## DATA LISTING
----------------------------------------

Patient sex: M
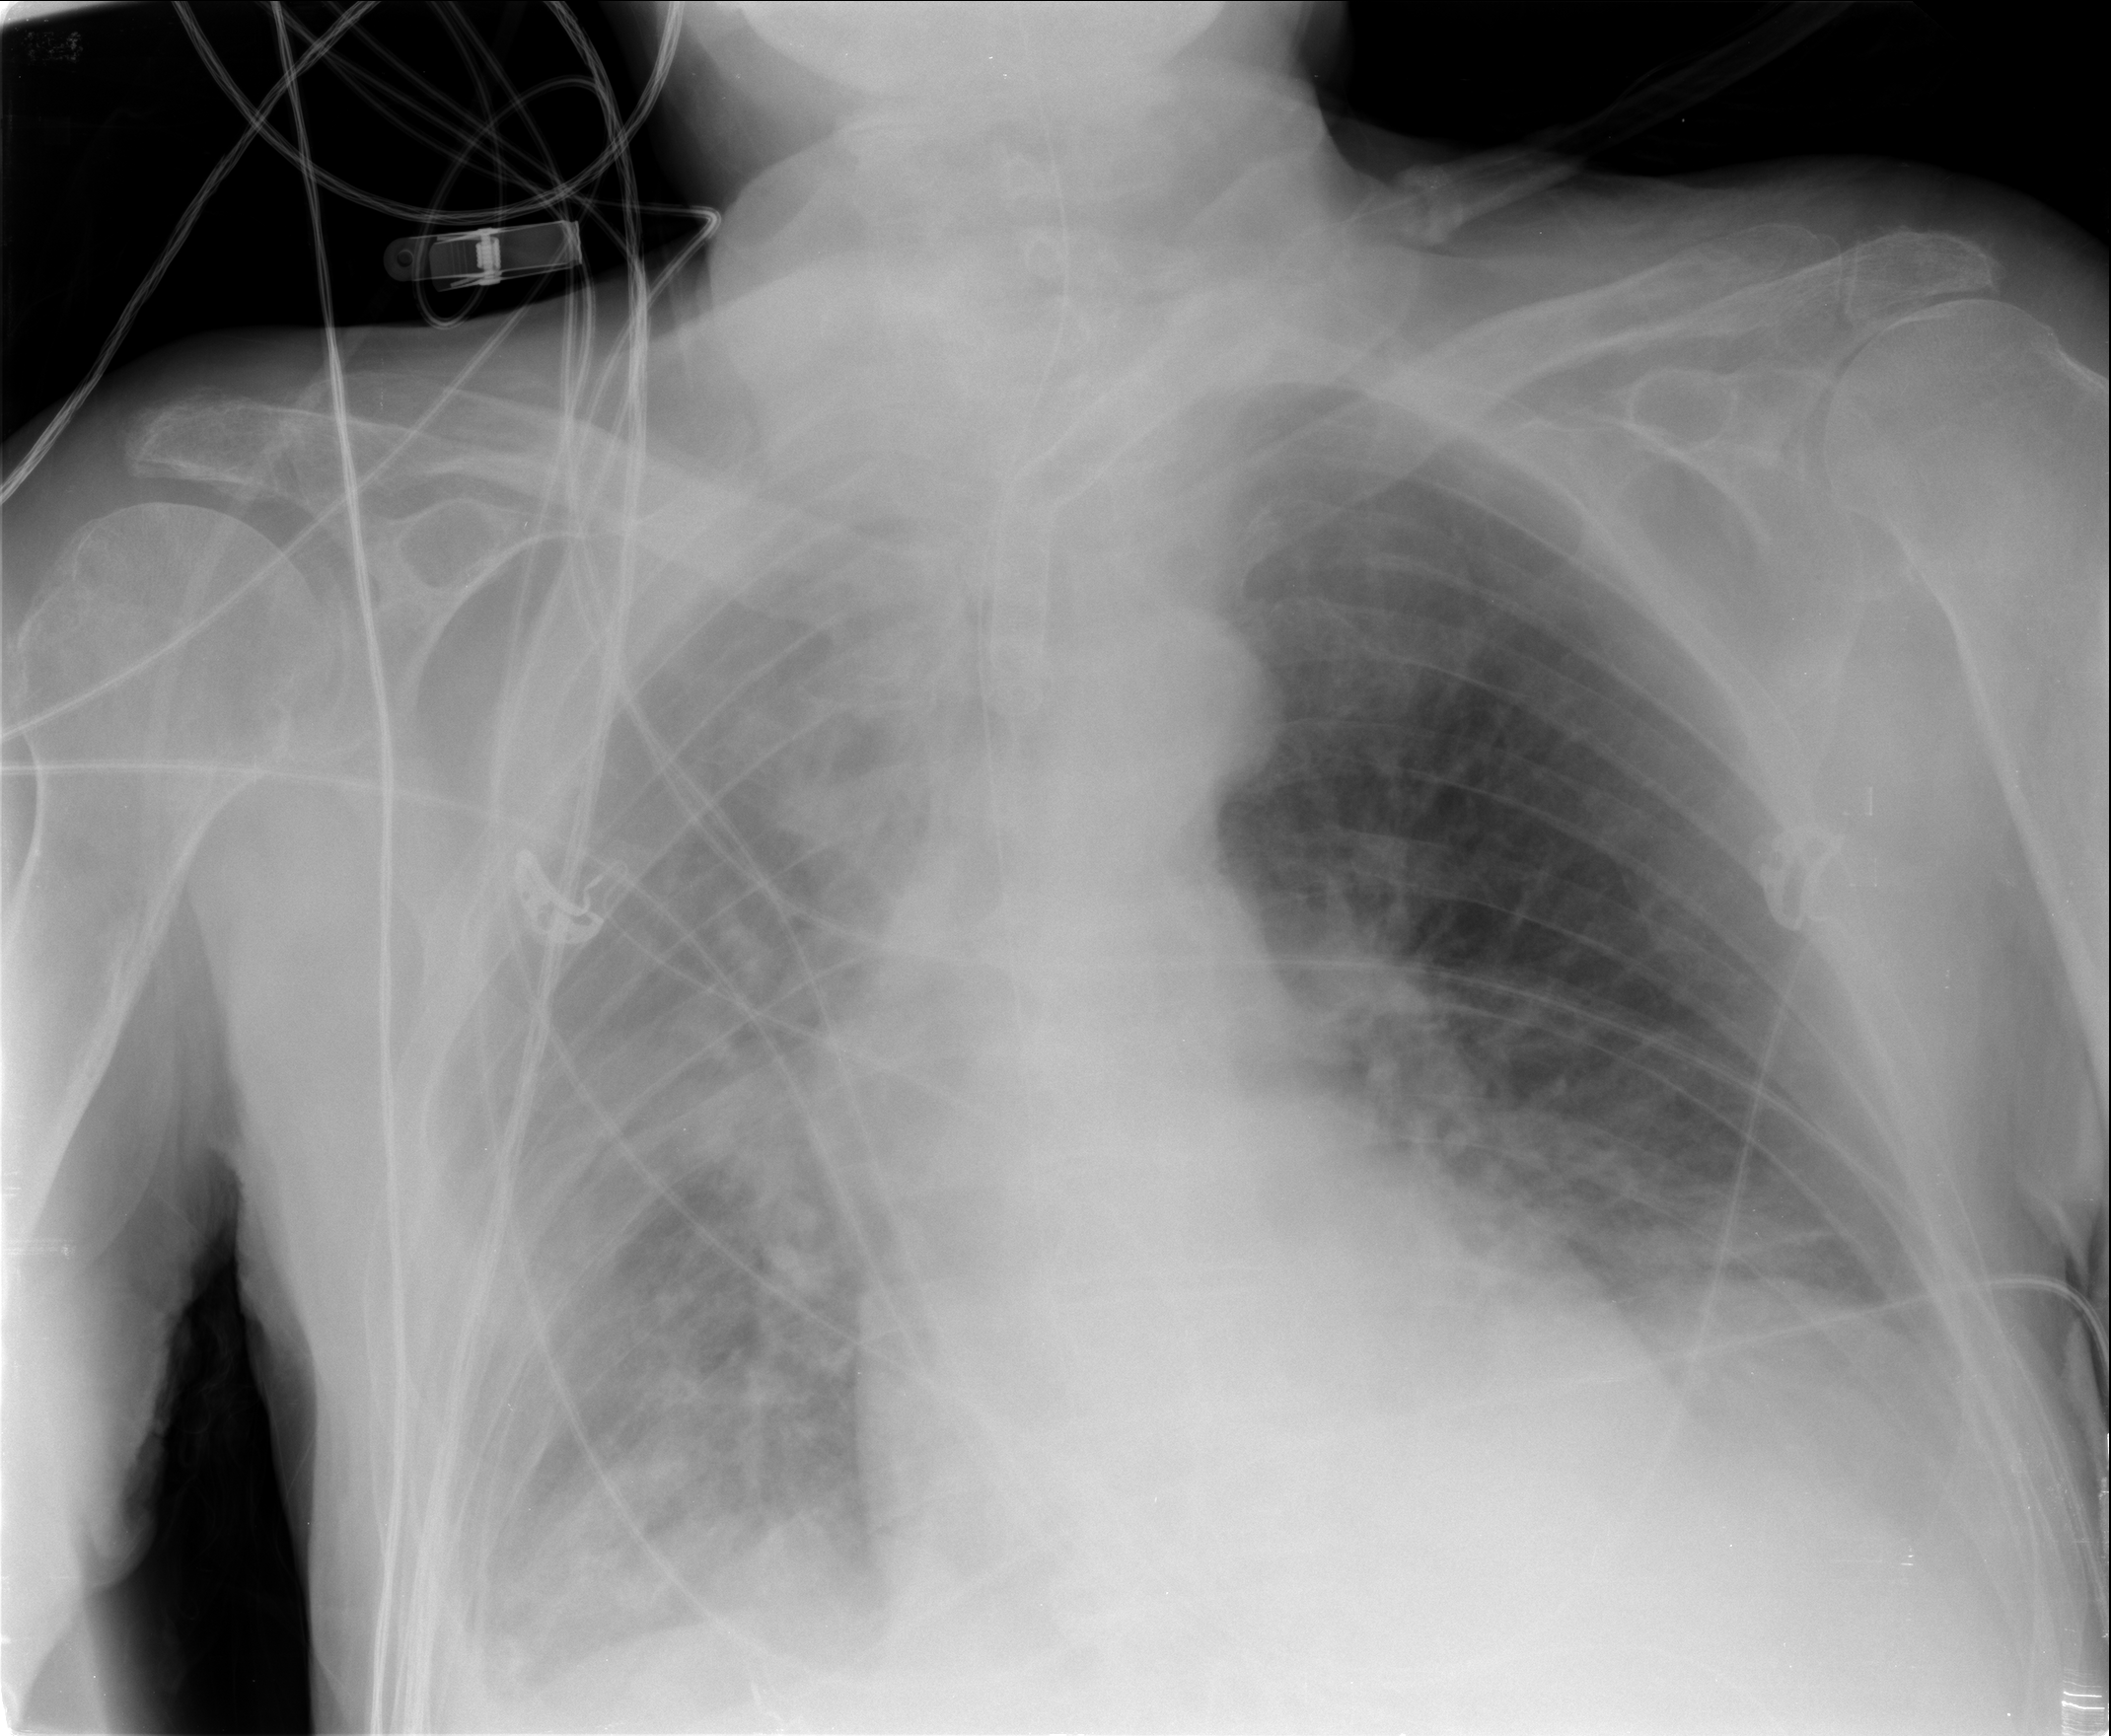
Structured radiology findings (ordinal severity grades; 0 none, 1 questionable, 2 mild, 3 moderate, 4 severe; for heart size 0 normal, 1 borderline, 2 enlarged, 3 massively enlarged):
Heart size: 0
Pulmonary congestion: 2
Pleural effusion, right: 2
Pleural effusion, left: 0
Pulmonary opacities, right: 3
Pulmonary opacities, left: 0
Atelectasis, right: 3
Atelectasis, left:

----------------------------------------

When you set down the material above, keep every word exact and include no pictures.

Patient sex: M
Structured radiology findings (ordinal severity grades; 0 none, 1 questionable, 2 mild, 3 moderate, 4 severe; for heart size 0 normal, 1 borderline, 2 enlarged, 3 massively enlarged):
Heart size: 0
Pulmonary congestion: 2
Pleural effusion, right: 2
Pleural effusion, left: 0
Pulmonary opacities, right: 3
Pulmonary opacities, left: 0
Atelectasis, right: 3
Atelectasis, left:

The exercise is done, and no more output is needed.